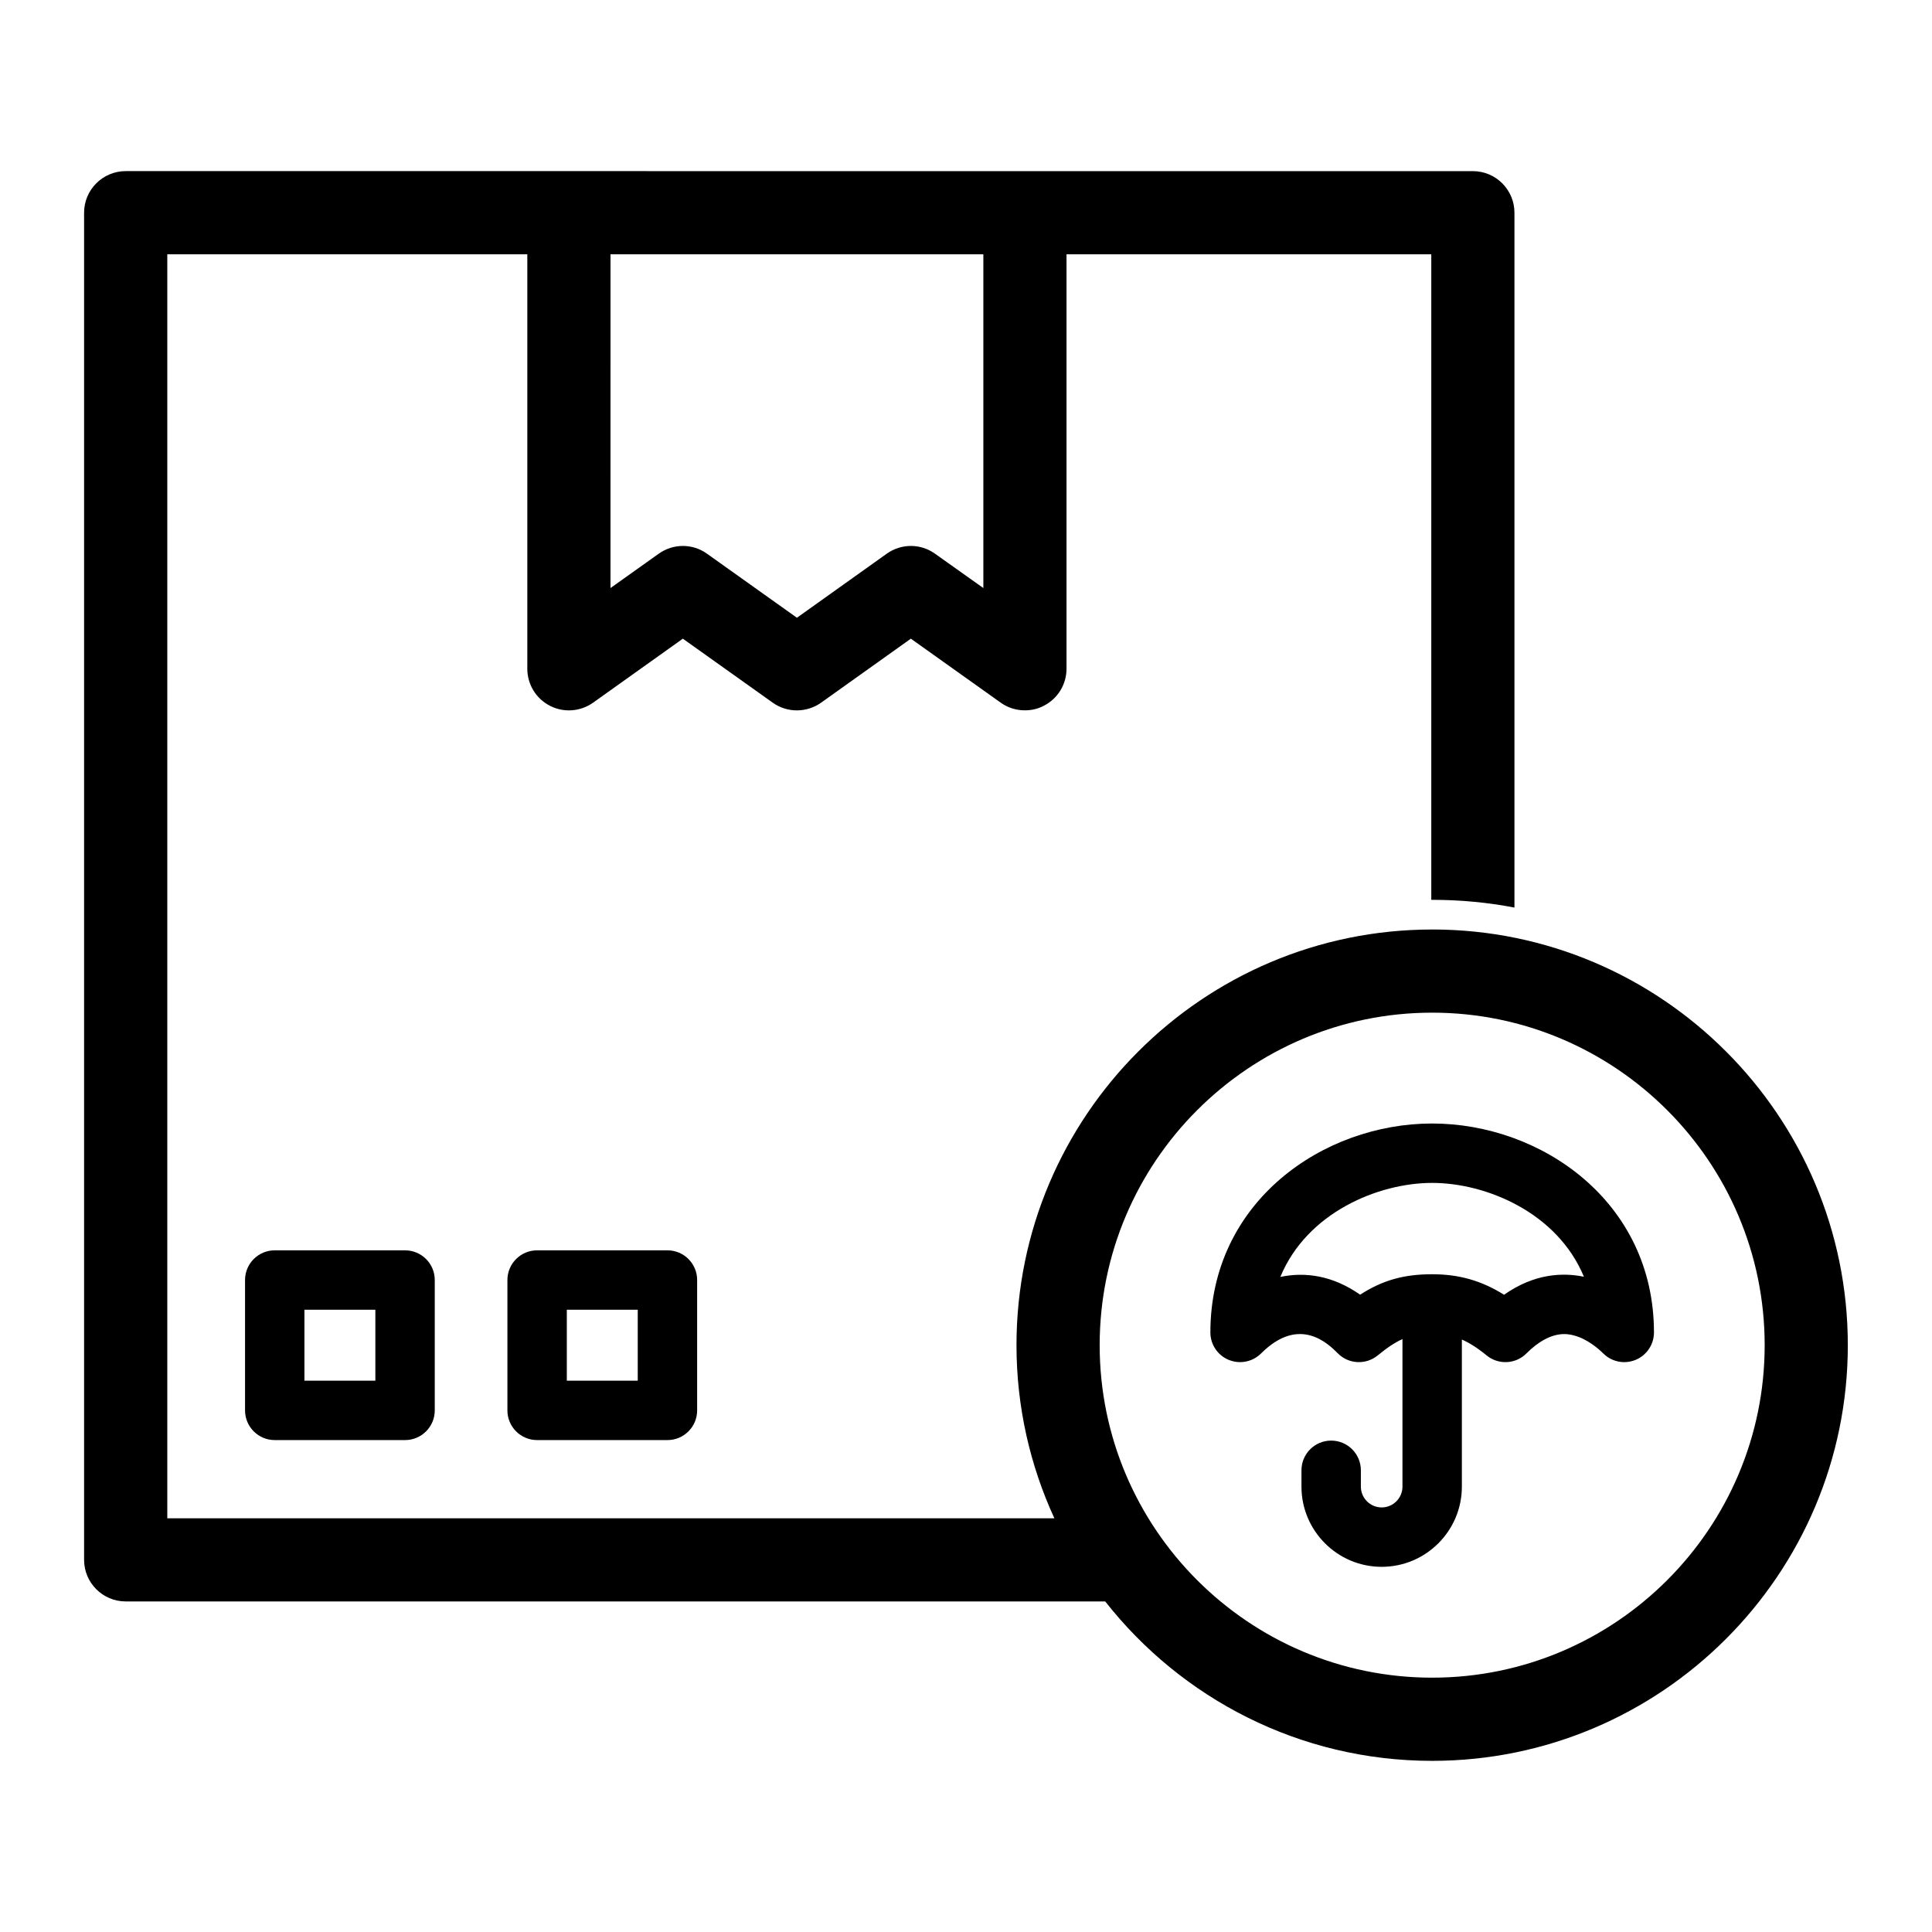 <?xml version="1.0" encoding="UTF-8"?>
<!-- Uploaded to: SVG Repo, www.svgrepo.com, Generator: SVG Repo Mixer Tools -->
<svg fill="#000000" width="800px" height="800px" version="1.1" viewBox="144 144 512 512" xmlns="http://www.w3.org/2000/svg">
 <g>
  <path d="m216.81 475.35c-4.348 0-7.871 3.523-7.871 7.871v34.543c0 4.348 3.523 7.871 7.871 7.871h34.535c4.348 0 7.871-3.523 7.871-7.871v-34.543c0-4.348-3.523-7.871-7.871-7.871zm26.664 34.543h-18.797v-18.797h18.797z"/>
  <path d="m286.34 475.35c-4.348 0-7.871 3.523-7.871 7.871v34.543c0 4.348 3.523 7.871 7.871 7.871h34.539c4.348 0 7.871-3.523 7.871-7.871v-34.543c0-4.348-3.523-7.871-7.871-7.871zm26.668 34.543h-18.797v-18.797h18.797z"/>
  <path d="m523.54 390.33c-60.742 0-110.16 49.418-110.16 110.16 0 16.367 3.613 31.898 10.043 45.875h-235.09v-334.97h95.41v109.83c0 4.125 2.297 7.902 5.953 9.793 3.684 1.922 8.094 1.574 11.461-0.789l23.805-16.973 23.836 16.973c3.809 2.707 8.941 2.707 12.785 0l23.805-16.973 23.836 16.973c1.891 1.355 4.125 2.016 6.391 2.016 1.73 0 3.465-0.379 5.039-1.227 3.684-1.891 5.984-5.668 5.984-9.793v-109.83h96.668v171.07h0.219c7.461 0 14.738 0.691 21.82 2.047v-184.14c0-6.078-4.945-11.02-11.02-11.02l-357.02-0.004c-6.078 0-11.02 4.945-11.02 11.02v357.01c0 6.078 4.945 11.02 11.02 11.02h259.59c20.184 25.691 51.504 42.246 86.637 42.246 60.742 0 110.16-49.418 110.16-110.16 0.004-60.738-49.414-110.16-110.15-110.16zm-217.75-178.94h98.809v88.449l-12.816-9.102c-3.809-2.738-8.941-2.738-12.785 0l-23.805 16.973-23.836-16.973c-3.809-2.738-8.941-2.738-12.785 0l-12.785 9.102zm217.75 377.21c-48.59 0-88.117-39.531-88.117-88.117 0-48.586 39.531-88.117 88.117-88.117 48.586 0 88.117 39.531 88.117 88.117 0 48.586-39.531 88.117-88.117 88.117z"/>
  <path d="m523.54 441.74c-28.895 0-58.777 20.711-58.777 55.367 0 3.184 1.918 6.055 4.859 7.273 0.977 0.402 2 0.598 3.012 0.598 2.051 0 4.062-0.801 5.57-2.305 10.176-10.176 17.84-2.519 20.355 0 2.859 2.867 7.434 3.086 10.562 0.512 2.582-2.121 4.629-3.449 6.547-4.312v39.098c0 3.039-2.473 5.512-5.512 5.512-3.039 0-5.512-2.473-5.512-5.512v-4.328c0-4.348-3.523-7.871-7.871-7.871s-7.871 3.523-7.871 7.871v4.328c0 11.719 9.535 21.254 21.254 21.254s21.254-9.535 21.254-21.254v-38.98c1.98 0.875 4.098 2.184 6.539 4.195 3.133 2.57 7.703 2.359 10.566-0.512 6.324-6.316 10.922-5.18 12.422-4.812 3.742 0.926 6.793 3.672 7.934 4.809 1.508 1.508 3.519 2.309 5.574 2.309 1.012 0 2.035-0.199 3.008-0.598 2.945-1.219 4.863-4.086 4.863-7.273-0.004-34.656-29.887-55.367-58.777-55.367zm19.051 45.387c-6.012-3.773-11.977-5.438-19.051-5.438-7.41 0-13.055 1.531-19.094 5.414-7.234-5.074-14.547-6.098-21.141-4.703 7.043-17.078 25.965-24.918 40.234-24.918 14.254 0 33.156 7.824 40.215 24.871-5.523-1.145-13.105-0.906-21.164 4.773z"/>
 </g>
</svg>
------
- [How to complete this task]:
With the pictures removed, return all the entries exactly.

- [Written reply]:
 <?xml version="1.0" encoding="UTF-8"?>
<!-- Uploaded to: SVG Repo, www.svgrepo.com, Generator: SVG Repo Mixer Tools -->
<svg fill="#000000" width="800px" height="800px" version="1.1" viewBox="144 144 512 512" xmlns="http://www.w3.org/2000/svg">
 <g>
  <path d="m216.81 475.35c-4.348 0-7.871 3.523-7.871 7.871v34.543c0 4.348 3.523 7.871 7.871 7.871h34.535c4.348 0 7.871-3.523 7.871-7.871v-34.543c0-4.348-3.523-7.871-7.871-7.871zm26.664 34.543h-18.797v-18.797h18.797z"/>
  <path d="m286.34 475.35c-4.348 0-7.871 3.523-7.871 7.871v34.543c0 4.348 3.523 7.871 7.871 7.871h34.539c4.348 0 7.871-3.523 7.871-7.871v-34.543c0-4.348-3.523-7.871-7.871-7.871zm26.668 34.543h-18.797v-18.797h18.797z"/>
  <path d="m523.54 390.33c-60.742 0-110.16 49.418-110.16 110.16 0 16.367 3.613 31.898 10.043 45.875h-235.09v-334.97h95.41v109.83c0 4.125 2.297 7.902 5.953 9.793 3.684 1.922 8.094 1.574 11.461-0.789l23.805-16.973 23.836 16.973c3.809 2.707 8.941 2.707 12.785 0l23.805-16.973 23.836 16.973c1.891 1.355 4.125 2.016 6.391 2.016 1.73 0 3.465-0.379 5.039-1.227 3.684-1.891 5.984-5.668 5.984-9.793v-109.83h96.668v171.07h0.219c7.461 0 14.738 0.691 21.82 2.047v-184.14c0-6.078-4.945-11.02-11.02-11.02l-357.02-0.004c-6.078 0-11.02 4.945-11.02 11.02v357.01c0 6.078 4.945 11.02 11.02 11.02h259.59c20.184 25.691 51.504 42.246 86.637 42.246 60.742 0 110.16-49.418 110.16-110.16 0.004-60.738-49.414-110.16-110.15-110.16zm-217.75-178.94h98.809v88.449l-12.816-9.102c-3.809-2.738-8.941-2.738-12.785 0l-23.805 16.973-23.836-16.973c-3.809-2.738-8.941-2.738-12.785 0l-12.785 9.102zm217.75 377.21c-48.59 0-88.117-39.531-88.117-88.117 0-48.586 39.531-88.117 88.117-88.117 48.586 0 88.117 39.531 88.117 88.117 0 48.586-39.531 88.117-88.117 88.117z"/>
  <path d="m523.54 441.74c-28.895 0-58.777 20.711-58.777 55.367 0 3.184 1.918 6.055 4.859 7.273 0.977 0.402 2 0.598 3.012 0.598 2.051 0 4.062-0.801 5.57-2.305 10.176-10.176 17.84-2.519 20.355 0 2.859 2.867 7.434 3.086 10.562 0.512 2.582-2.121 4.629-3.449 6.547-4.312v39.098c0 3.039-2.473 5.512-5.512 5.512-3.039 0-5.512-2.473-5.512-5.512v-4.328c0-4.348-3.523-7.871-7.871-7.871s-7.871 3.523-7.871 7.871v4.328c0 11.719 9.535 21.254 21.254 21.254s21.254-9.535 21.254-21.254v-38.98c1.98 0.875 4.098 2.184 6.539 4.195 3.133 2.57 7.703 2.359 10.566-0.512 6.324-6.316 10.922-5.18 12.422-4.812 3.742 0.926 6.793 3.672 7.934 4.809 1.508 1.508 3.519 2.309 5.574 2.309 1.012 0 2.035-0.199 3.008-0.598 2.945-1.219 4.863-4.086 4.863-7.273-0.004-34.656-29.887-55.367-58.777-55.367zm19.051 45.387c-6.012-3.773-11.977-5.438-19.051-5.438-7.41 0-13.055 1.531-19.094 5.414-7.234-5.074-14.547-6.098-21.141-4.703 7.043-17.078 25.965-24.918 40.234-24.918 14.254 0 33.156 7.824 40.215 24.871-5.523-1.145-13.105-0.906-21.164 4.773z"/>
 </g>
</svg>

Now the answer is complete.